Hadoop MapRed is based on a “pull” model where multiple “TaskTrackers” poll the “JobTracker” for tasks (either map task or reduce task).

Apache Hadoop MapReduce
Apache Hadoop MapReduce

The figure above depicts the execution of the job.<ref>http://horicky.blogspot.com/2008/11/hadoop-mapreduce-implementation.html Pragmatic Guide</ref>

  • Client program uploads files to the Hadoop Distributed File System (HDFS) location and notifies the JobTracker which in turn returns the Job ID to the client.
  • The Jobtracker allocates map tasks to the TaskTrackers.
  • JobTracker determines appropriate jobs based on how busy the TaskTracker is.
  • TaskTracker forks MapTask which extracts input data and invokes the user provided "map" function which fills in the buffer with key/value pairs until it is full.
  • The buffer is eventually flushed into two files.
  • After all the MapTask completes (all splits are done), the TaskTracker will notify the JobTracker which keeps track of the overall progress of job.
  • When done, the JobTracker notifies TaskTracker to jump to reduce phase. This again follows same method where reduce task is forked.
  • The output of each reducer is written to a temporary output file in HDFS. When the reducer finishes processing all keys, the temp output file will be renamed atomically to its final output filename.

YARN

While the initial implementation of MRV1 on Hadoop was successful, heavy use of the product did show some pain points in the MRV1 implementation. Notably heavy processing load would cause the JobTracker to be a large bottleneck. In order to help remove this bottleneck, YARN was implemented. YARN is an application framework that solely does resource management for Hadoop clusters. Now not only can you run Map Reduce jobs, but you can also put other in cluster implementation under the YARN resource management. Allowing you to properly allocate resources across your cluster. YARN at it's simplest is the separation of the work that the JobTracker would do into two new processes. The resource manager (ResourceManager) and the job scheduling and monitor task (ApplicationMaster).

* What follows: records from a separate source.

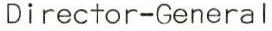
Director-General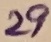
Text: 29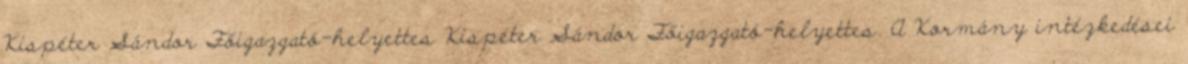
Kispéter Sándor Főigazgató-helyettes Kispéter Sándor Főigazgató-helyettes. A Kormány intézkedései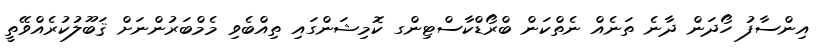
އިންސާފު ހޯދަން ދާނެ ތަނެއް ނެތްކަން ބްރޯޑްކާސްޓިންގ ކޮމިޝަންގައި ތިއްބެވި މެމްބަރުންނަށް ޤަބޫލުކުރެއްވޭތީ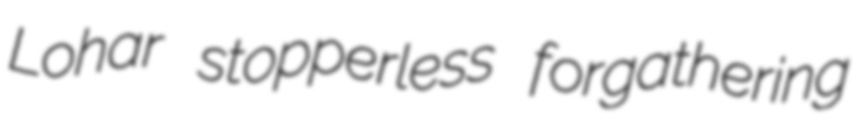
Lohar stopperless forgathering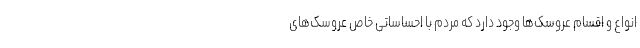
انواع و اقسام عروسک‌ها وجود دارد که مردم با احساساتی خاص عروسک‌های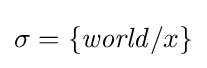
\sigma =\{{\mathit {world}}/x\}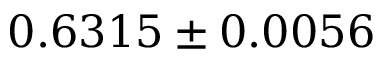
0 . 6 3 1 5 \pm 0 . 0 0 5 6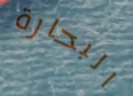
البحارة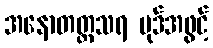
အနောတတ္တသရ ပုဒ်အဖွင့်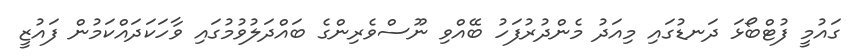
ގައުމީ ފުޓްބޯޅަ ދަނޑުގައި މިއަދު މެންދުރުފަހު ބޭއްވި ނޫސްވެރިންގެ ބައްދަލުވުމުގައި ވާހަކަދައްކަމުން ފައުޒީ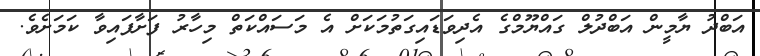
އަބްދު ޔާމީން އަބްދުލް ގައްޔޫމްގެ އެދިވަޑައިގަތުމަކަށް އެ މަސައްކަތް މިހާރު ފަށާފައިވާ ކަމަށެވެ.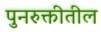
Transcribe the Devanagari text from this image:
पुनरुक्तीतील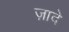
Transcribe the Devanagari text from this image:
ज़ादे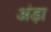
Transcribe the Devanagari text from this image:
अंड़ा

The map reduce API changes only in that applications need to change imports. However, the execution of the job changes significantly. Yarn does work in units called containers. Containers represent a unit of work that can be done on a cluster. Upon job submission, the ResourceManager allocates a container for the ApplicationMaster. This ApplicationMaster runs on a DataNode in the cluster. To run the application manager requests that a NodeManager launch the ApplicationMaster in that container. The ApplicationMaster then determines based on the input splits, the number of map tasks to create. Once this information is known the ApplicationMaster, requests the container resources from the ResourceManager Based on the locality of data and available resources, the ResourceManager decides where to run the map tasks. The ApplicationMaster then asks the NodeManagers on the assigned nodes to start the map tasks.

Spark

Just as YARN was implemented to address some of the short comings of MRV1, Spark is a new execution framework to help remove some of the inefficiencies and startup latency of MapReduce. Spark takes greater advantage of available memory on the nodes in the cluster, and will start job execution immediately. Where MapReduce will wait until distribution of code to all the nodes. Spark also adds a number of things into the framework, such as streaming and ingestion and the ability to do SQL queries within the applications.

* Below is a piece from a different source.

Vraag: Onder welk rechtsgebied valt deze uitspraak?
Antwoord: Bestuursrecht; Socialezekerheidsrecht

Due to the in memory nature of Spark there are a good number of machine learning frameworks that are being built on top of Spark. This allows data to be read into memory on a cluster and iterations of an algorithm run over the same data in memory instead of reading it from disk repeatedly.

Tez

Tez like Spark is a second generation computation framework Apache Hadoop. Tez is a DAG engine. A directed-acyclic-graph engine. Based on the Microsoft Dryad paper, the DAG execution engine allows applications to have tasks as a node in a graph. Like Spark it has gains over execution speeds, and attempts to make more efficient use of available resources on the cluster.

Flink

Flink like Spark and Tez is another attempt to make a more efficient computation engine that can sit on top of Apache Hadoop. Flink is also a DAG processor that attempts to reduce latency and better use available resources.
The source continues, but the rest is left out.